En cuanto al contenido en sí, el primer aspecto es un tanto ambiguo, es decir, no me parece un fallo grave, sino una posible mejora, y entiendo que alguien no lo comparta. Si no fuera porque es una película muy querida que he visto muchas veces seguramente no haría un análisis tan profundo y detallista y habría pasado por alto este punto.

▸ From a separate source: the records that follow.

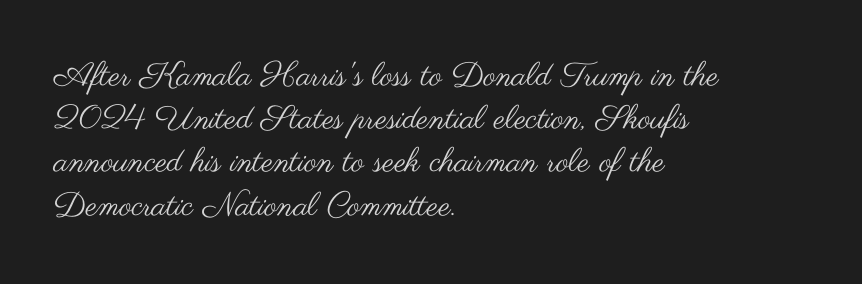
Words appear dense and cohesive because spacing is normal. The baseline area is clear. Interline gaps are of average width in this sample. Layout note: lines flush left. A typesetter would call this proportional, since set widths differ per character. This sample uses a sans-serif face.
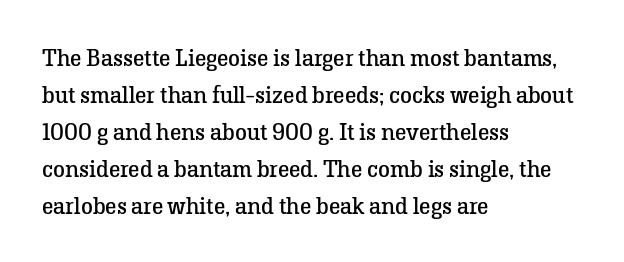
Vertical strokes here are truly vertical. Every row of glyphs begins at an identical x-position on the left. Between one letter and the next there's only the usual sliver of space. Only glyphs here, with clear space below each row.
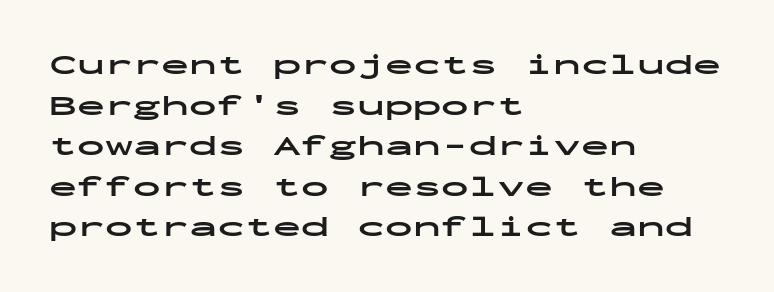
Q: Is the text bold? A: Yes.
Q: Is the text italic (slanted)? A: No, it is upright.
Q: Is the typeface a serif or a sans-serif typeface? A: Sans-serif.
Q: Is the text underlined? A: No.
Q: How is the paragraph aligned? A: Left-aligned.
Q: Is the spacing between letters normal or unusually wide? A: Normal.
Q: Is the spacing between lines tight, normal or loose? A: Normal.
Q: Width (condensed, normal, or wide)? A: Wide.
Q: Stroke contrast? A: Low.
Q: x-height? A: Medium.
Q: Monospaced? A: Yes.
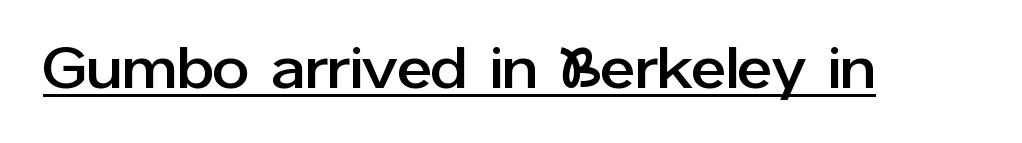
Q: Is the text italic (slanted)? A: No, it is upright.
Q: Is the typeface a serif or a sans-serif typeface? A: Sans-serif.
Q: Is the text underlined? A: Yes.
Q: Is the spacing between letters normal or unusually wide? A: Normal.
Q: Width (condensed, normal, or wide)? A: Normal.
Q: Stroke contrast? A: Low.
Q: x-height? A: Medium.
Q: Monospaced? A: No.
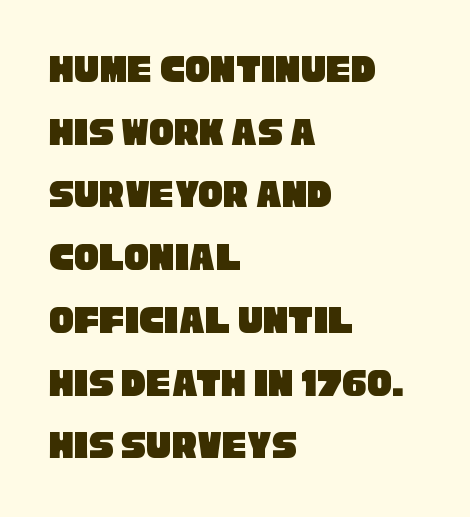
Q: Is the typeface a serif or a sans-serif typeface? A: Sans-serif.
Q: Is the text underlined? A: No.
Q: How is the paragraph aligned? A: Left-aligned.
Q: Is the spacing between letters normal or unusually wide? A: Normal.
Q: Is the spacing between lines tight, normal or loose? A: Normal.
Q: Width (condensed, normal, or wide)? A: Condensed.
Q: Stroke contrast? A: Low.
Q: x-height? A: Large.
Q: Monospaced? A: No.

Los prólogos encadenados combinando la chispa del misterio con pequeños datos argumentales son un sello clásico del realizador, eficaces unas veces (Indiana Jones, En busca del arca perdida -1981-) y bastante mejorables otras (Encuentros en la tercera fase -1977-). Aquí diría que están en un término medio. Vistos ahora, a veinticinco años del estreno, me parecen fácilmente sacrificables, el primero (el caos con la jaula) por innecesario, y el segundo (el hallazgo de un mosquito) por redundante, pues lo que en él se dice está fuera de contexto (información de personajes que no han aparecido todavía, es difícil asimilarla toda) y se explicará mejor luego. Al menos el segundo lo quitaría, porque el inicial funciona bien en el factor suspense, siendo amenazador e intrigante a partes iguales. Incluso la siguiente escena, ya entrando en materia, se me antoja un poco cursi (el niño respondón) y tiene un fallo importante por culpa de buscar un efectismo innecesario: el aterrizaje del helicóptero sólo sirve para poner un énfasis artificial en la presentación de Hammond, pues él ya está en la caravana.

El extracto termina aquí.